● **Task item**: When you reach the line containing "Font: InstrumentSans-Italic_Bold_Italic" in the entries below, start writing out each line exactly, and stop after the line containing "Options: blue colour".

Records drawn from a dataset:
• • • • • • •

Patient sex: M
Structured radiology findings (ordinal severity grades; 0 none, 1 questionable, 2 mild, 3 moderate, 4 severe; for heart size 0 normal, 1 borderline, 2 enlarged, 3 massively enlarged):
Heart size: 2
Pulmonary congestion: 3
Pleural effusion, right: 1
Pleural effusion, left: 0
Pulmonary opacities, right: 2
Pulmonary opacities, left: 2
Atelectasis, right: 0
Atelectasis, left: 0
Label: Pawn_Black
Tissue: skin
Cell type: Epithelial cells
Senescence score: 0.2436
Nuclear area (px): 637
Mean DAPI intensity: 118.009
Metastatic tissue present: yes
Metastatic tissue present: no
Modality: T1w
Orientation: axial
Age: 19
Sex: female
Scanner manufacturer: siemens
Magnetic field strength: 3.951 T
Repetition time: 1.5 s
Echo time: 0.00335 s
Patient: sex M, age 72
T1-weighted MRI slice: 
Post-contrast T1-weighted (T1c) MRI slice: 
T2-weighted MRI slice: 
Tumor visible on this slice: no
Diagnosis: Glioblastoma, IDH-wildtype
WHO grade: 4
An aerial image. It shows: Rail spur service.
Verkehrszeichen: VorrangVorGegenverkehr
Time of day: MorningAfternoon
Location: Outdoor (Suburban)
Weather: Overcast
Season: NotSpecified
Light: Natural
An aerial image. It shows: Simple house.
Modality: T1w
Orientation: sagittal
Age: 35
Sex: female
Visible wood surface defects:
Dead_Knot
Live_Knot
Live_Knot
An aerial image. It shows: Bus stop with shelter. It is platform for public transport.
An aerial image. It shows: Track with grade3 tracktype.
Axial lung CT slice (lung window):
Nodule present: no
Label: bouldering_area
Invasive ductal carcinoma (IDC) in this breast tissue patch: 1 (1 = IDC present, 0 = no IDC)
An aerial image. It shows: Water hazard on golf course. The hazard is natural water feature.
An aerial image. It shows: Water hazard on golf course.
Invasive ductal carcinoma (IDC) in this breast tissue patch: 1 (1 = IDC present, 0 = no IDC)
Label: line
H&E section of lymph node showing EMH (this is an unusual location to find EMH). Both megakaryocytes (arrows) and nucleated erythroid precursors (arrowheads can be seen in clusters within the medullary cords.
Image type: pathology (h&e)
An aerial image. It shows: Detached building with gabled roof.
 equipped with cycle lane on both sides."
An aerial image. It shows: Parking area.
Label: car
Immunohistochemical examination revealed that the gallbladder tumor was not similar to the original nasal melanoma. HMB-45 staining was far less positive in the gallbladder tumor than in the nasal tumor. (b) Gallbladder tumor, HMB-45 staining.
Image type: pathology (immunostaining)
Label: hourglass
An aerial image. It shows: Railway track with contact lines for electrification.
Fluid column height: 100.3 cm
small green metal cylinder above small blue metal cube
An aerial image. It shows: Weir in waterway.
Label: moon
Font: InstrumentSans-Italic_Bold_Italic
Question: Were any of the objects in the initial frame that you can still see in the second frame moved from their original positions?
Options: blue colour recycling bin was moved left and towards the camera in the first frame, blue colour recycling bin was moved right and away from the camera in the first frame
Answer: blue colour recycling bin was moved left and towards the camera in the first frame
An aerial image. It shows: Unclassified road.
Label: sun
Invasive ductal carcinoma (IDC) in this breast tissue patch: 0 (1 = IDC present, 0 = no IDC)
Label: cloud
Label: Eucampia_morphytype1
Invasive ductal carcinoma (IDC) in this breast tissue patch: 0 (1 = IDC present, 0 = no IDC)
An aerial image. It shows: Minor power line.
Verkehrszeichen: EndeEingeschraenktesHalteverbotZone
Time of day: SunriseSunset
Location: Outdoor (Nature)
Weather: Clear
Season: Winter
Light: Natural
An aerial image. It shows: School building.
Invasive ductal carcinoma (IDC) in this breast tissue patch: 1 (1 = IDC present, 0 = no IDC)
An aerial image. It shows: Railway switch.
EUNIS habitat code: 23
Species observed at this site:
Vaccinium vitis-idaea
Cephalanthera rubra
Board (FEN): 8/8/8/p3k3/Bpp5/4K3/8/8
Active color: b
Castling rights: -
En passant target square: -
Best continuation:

• • • • • • •

● **Reply**:
Font: InstrumentSans-Italic_Bold_Italic
Question: Were any of the objects in the initial frame that you can still see in the second frame moved from their original positions?
Options: blue colour recycling bin was moved left and towards the camera in the first frame, blue colour recycling bin was moved right and away from the camera in the first frame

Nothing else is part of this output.